Introduction to This article has compiled a dry knowledge of IoT queues, allowing IoT practitioners to further understand IoT scenario queues and discuss a message queue suitable for IoT systems.
Traditional message queues ((Kafka, RocketMQ, etc.) have been polished for many years and have done extremely well in many aspects such as high performance, massive accumulation, message reliability, etc.
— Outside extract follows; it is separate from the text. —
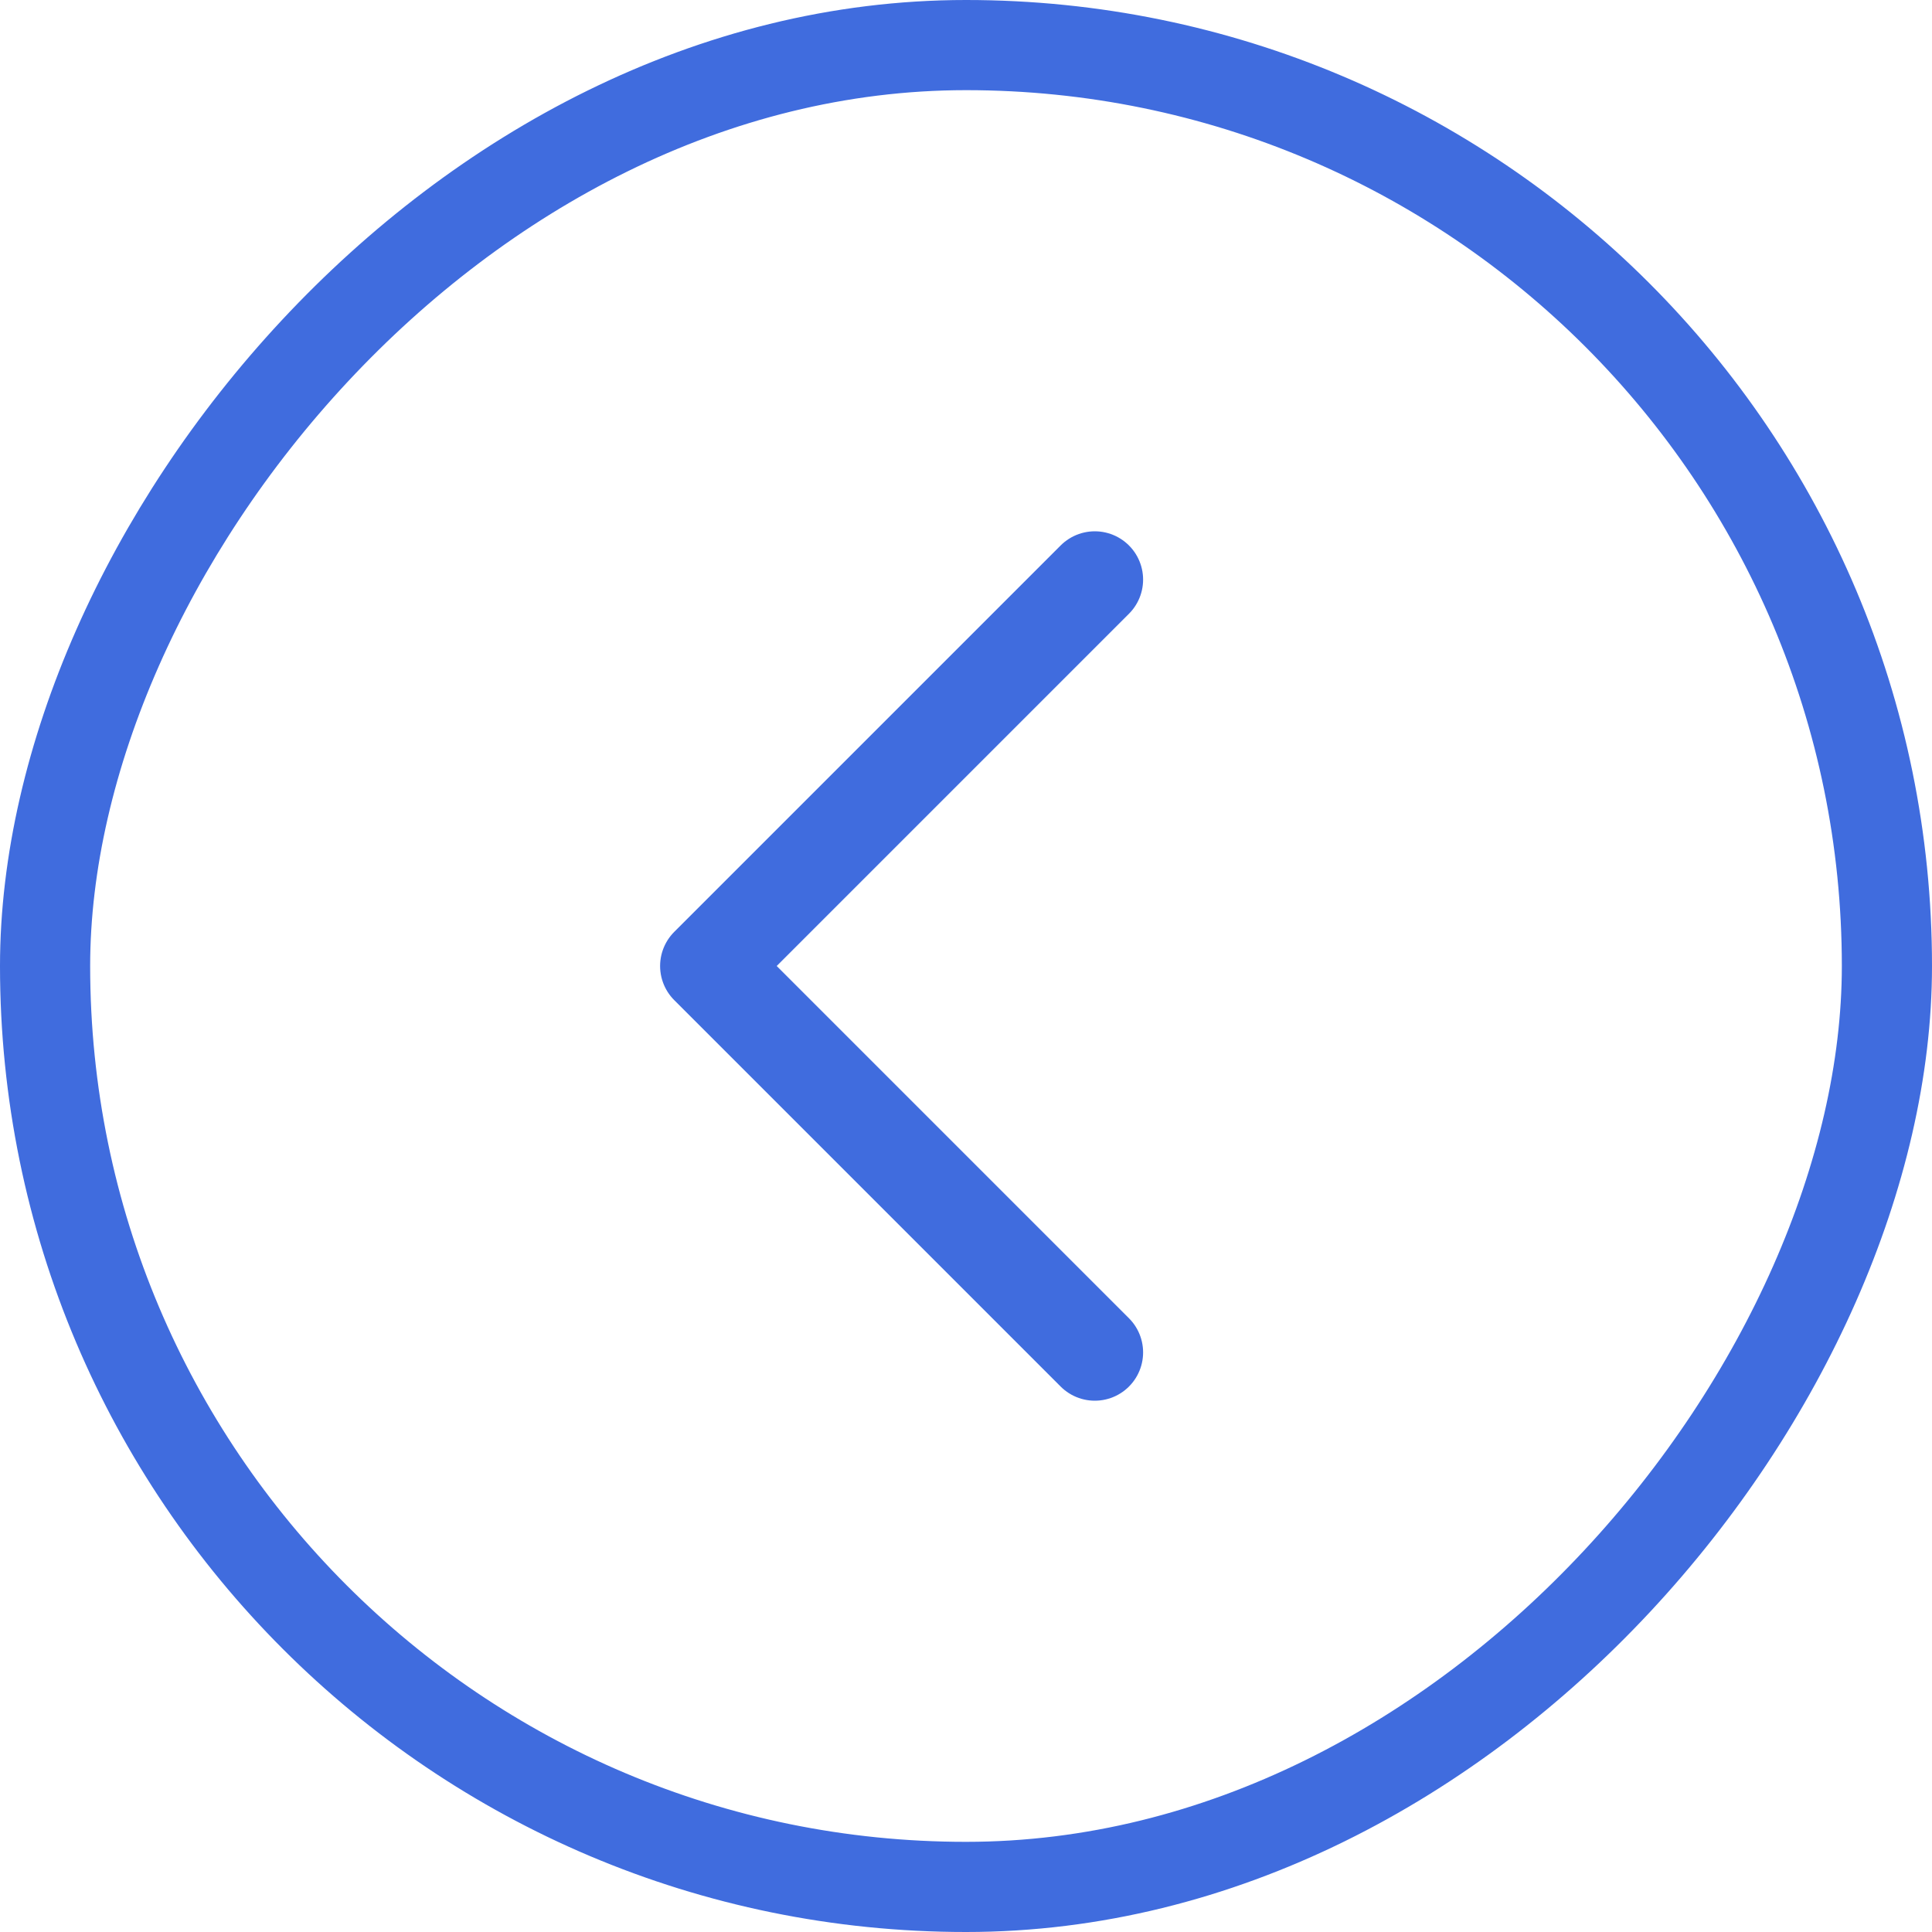 <svg width="30" height="30" viewBox="0 0 30 30" fill="none" xmlns="http://www.w3.org/2000/svg">
<rect x="-0.7" y="0.7" width="28.6" height="28.6" rx="14.3" transform="matrix(-1 0 0 1 28.6 0)" stroke="#406CDE" stroke-width="1.4"/>
<path d="M17 9L11 15L17 21" stroke="#406CDE" stroke-width="1.5" stroke-linecap="round" stroke-linejoin="round"/>
</svg>

However, in IoT scenarios, they often need to face massive message delivery. , The performance of the traditional message queue is "powerless".
In the IoT field, event messages need to be transmitted from application servers to embedded chips, such as opening the cabinet of a shared power bank, sending light-on instructions from the server to the device, and high-frequency message flow of industrial gateways, etc., in the process of transmitting these information , The greatest significance of queues is to make the entire message event into a smoothly operating system under uncontrollable environmental factors, because IoT devices will cause a large number of message floods from time to time due to failures or network jitter.
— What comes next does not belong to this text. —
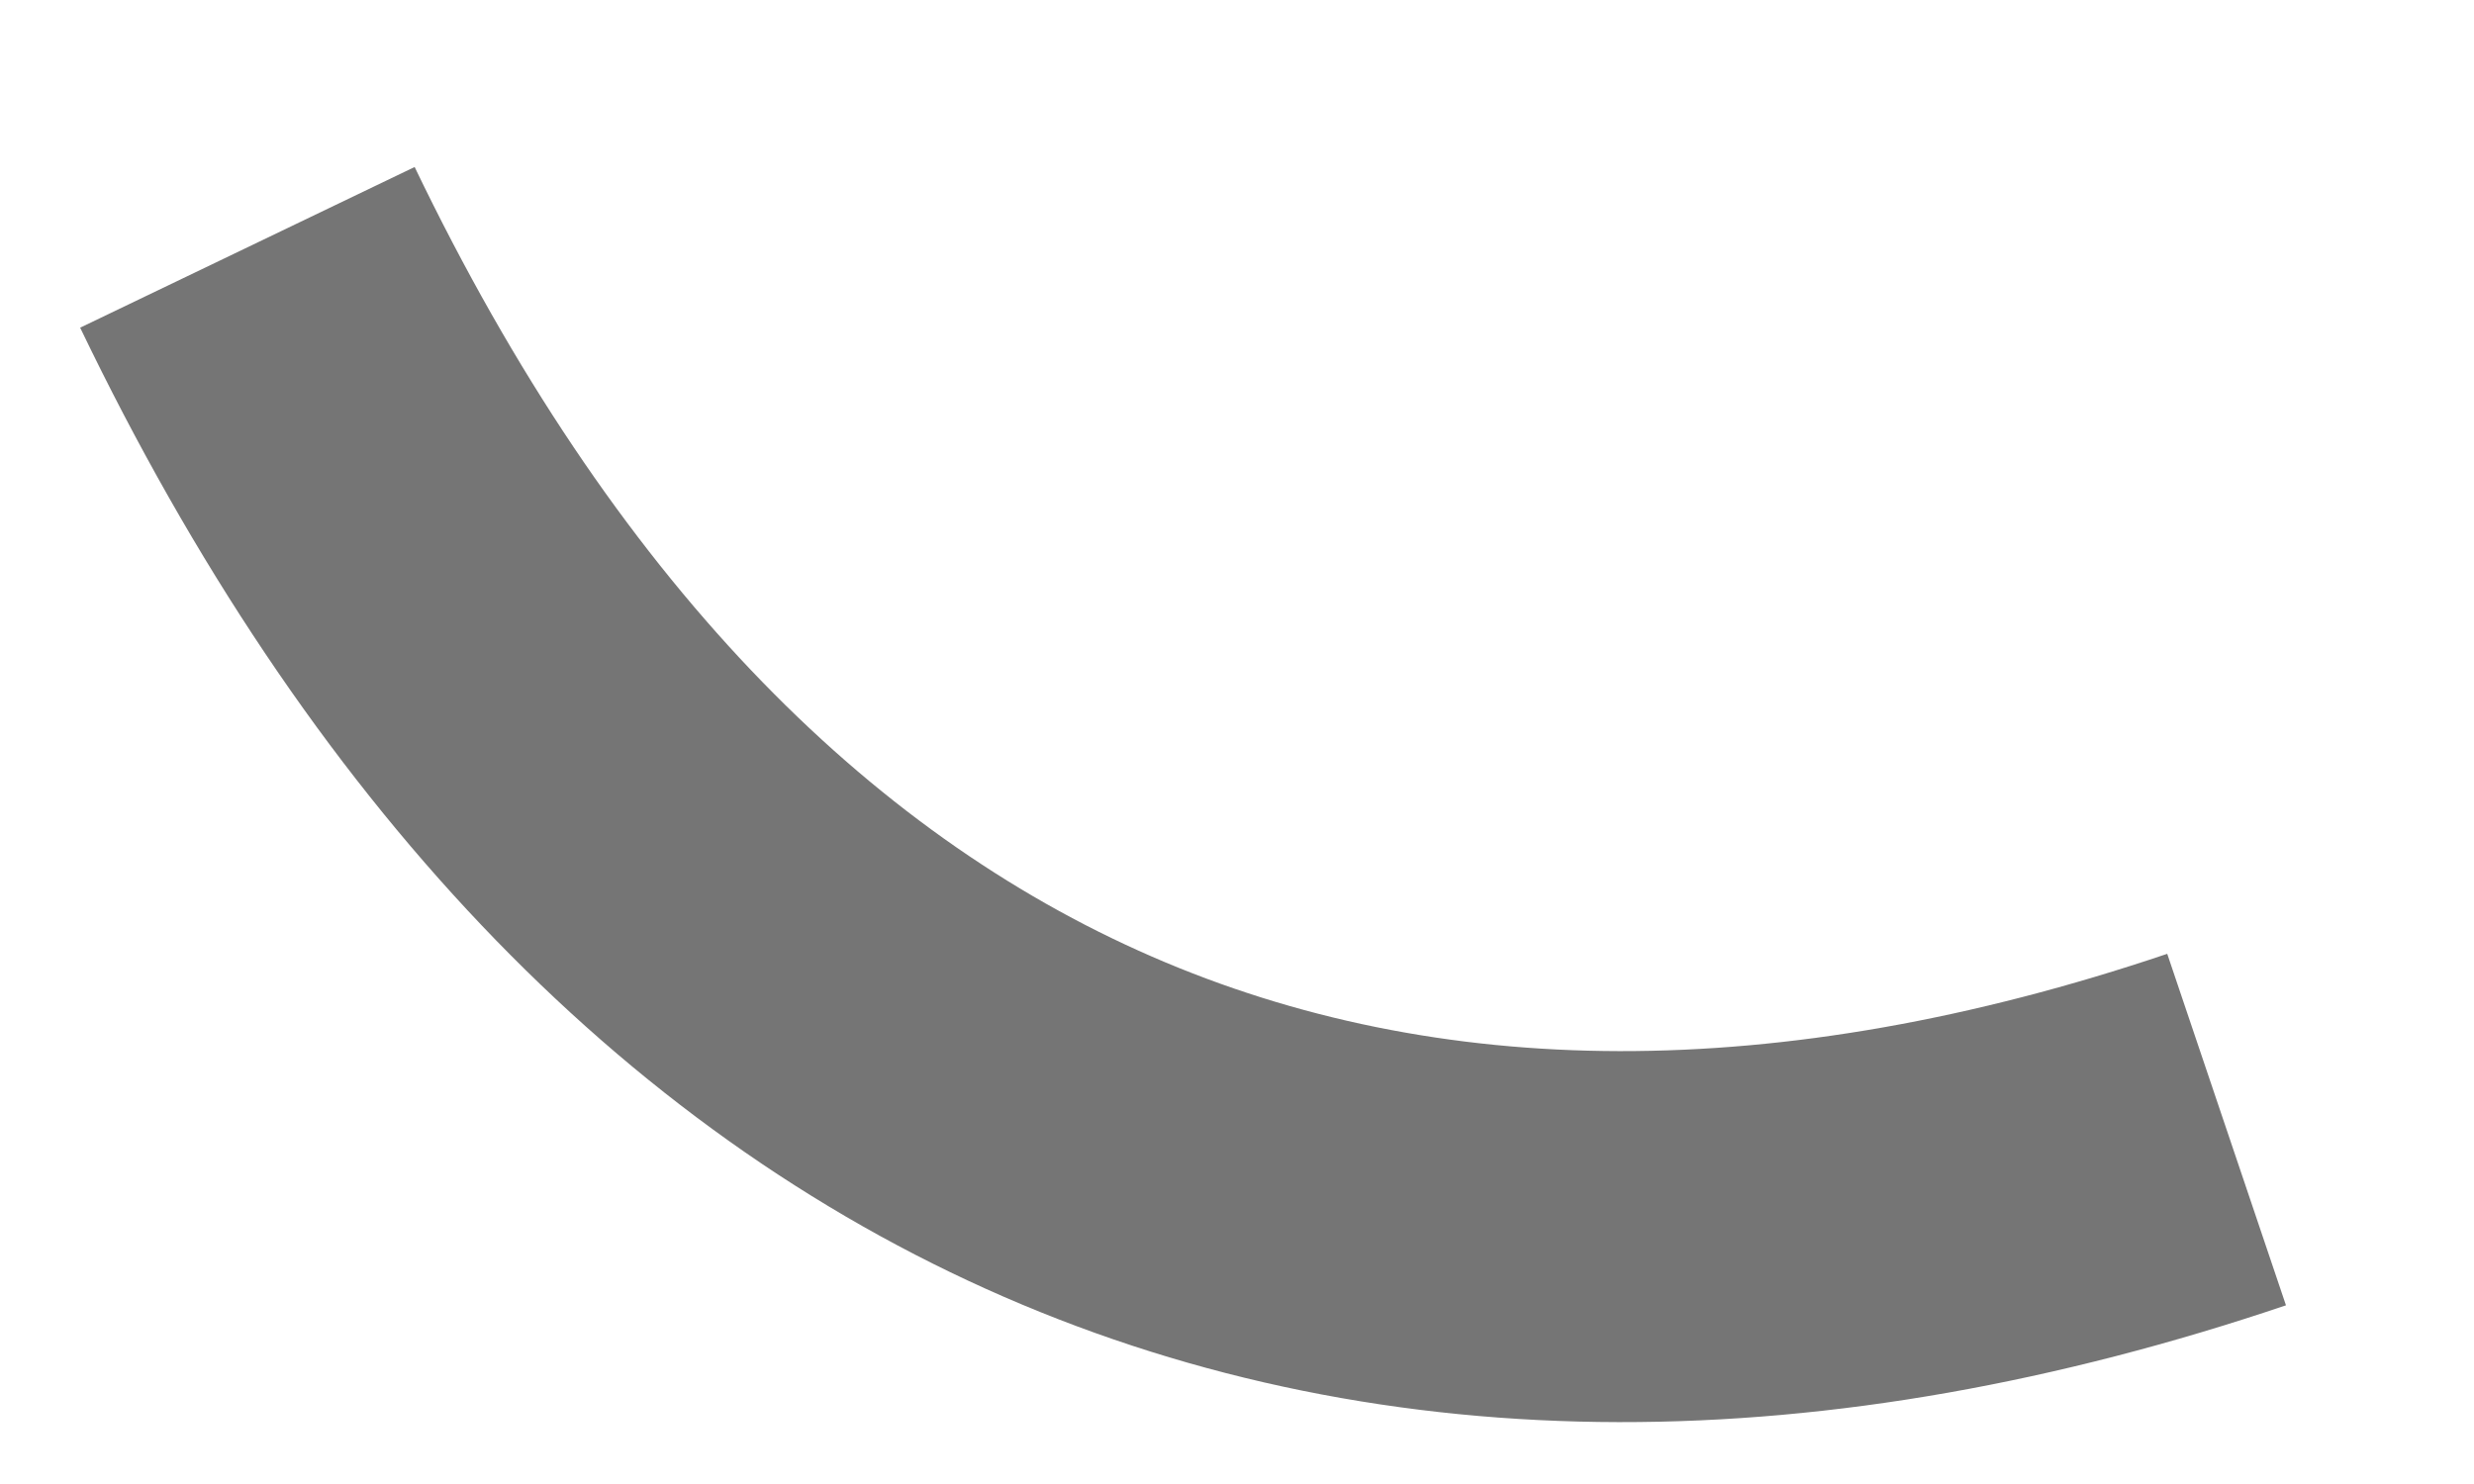 <?xml version="1.0" encoding="utf-8"?>
<svg xmlns="http://www.w3.org/2000/svg" fill="none" height="100%" overflow="visible" preserveAspectRatio="none" style="display: block;" viewBox="0 0 10 6" width="100%">
<path d="M9 4.567C5.571 5.725 2.714 4.567 1 1" id="Vector" stroke="#1A1A1A" stroke-opacity="0.6" stroke-width="1.5"/>
</svg>

As a leader and innovator in the Internet of Things field, Alibaba Cloud AIoT continues to cultivate and settle in the field of message queues. In order to let IoT practitioners know more about IoT scene queues, Alibaba Cloud technical expert Lu Jianwen compiled a list of IoT queues. Dry goods knowledge, and discuss with you a message queue suitable for the Internet of Things system.
1. The difference between IoT queue and ordinary queue
1. Upstream and downstream isolation split
In the IoT scenario, we divide the required queues into two scenarios, one is the upstream queue and the other is the downstream queue. After splitting, you can isolate the uplink and downlink, and control a device. For example, if the payment is successful, you must open the cabinet and so on. If there is any problem in the uplink, it must not affect the downlink business. In addition, the characteristics of the uplink and downlink are very different. The amount of concurrency for device uplink messages is very high, but in many scenarios the reliability and delay requirements are low, while for device downlink messages, the amount of concurrency is relatively low, but downlink messages (usually control device commands) require high power to achieve.
2. Supports massive device-level
The core appeal of the traditional queue is that its performance will not be affected no matter how much it accumulates. When Kafka has more topics, the original advantage of writing files in order of messages will cause a broker to degenerate to random writing and lose its advantage. In addition, zookeeper is required to coordinate so many topics. There are also limitations, so these queues themselves provide an external proxy bridge. The entrance is multiple device topics, and then bridged and mapped to a small number of actual Kafka topics. This scheme is feasible, but it cannot achieve the isolation effect, and it is not a cure for the symptoms.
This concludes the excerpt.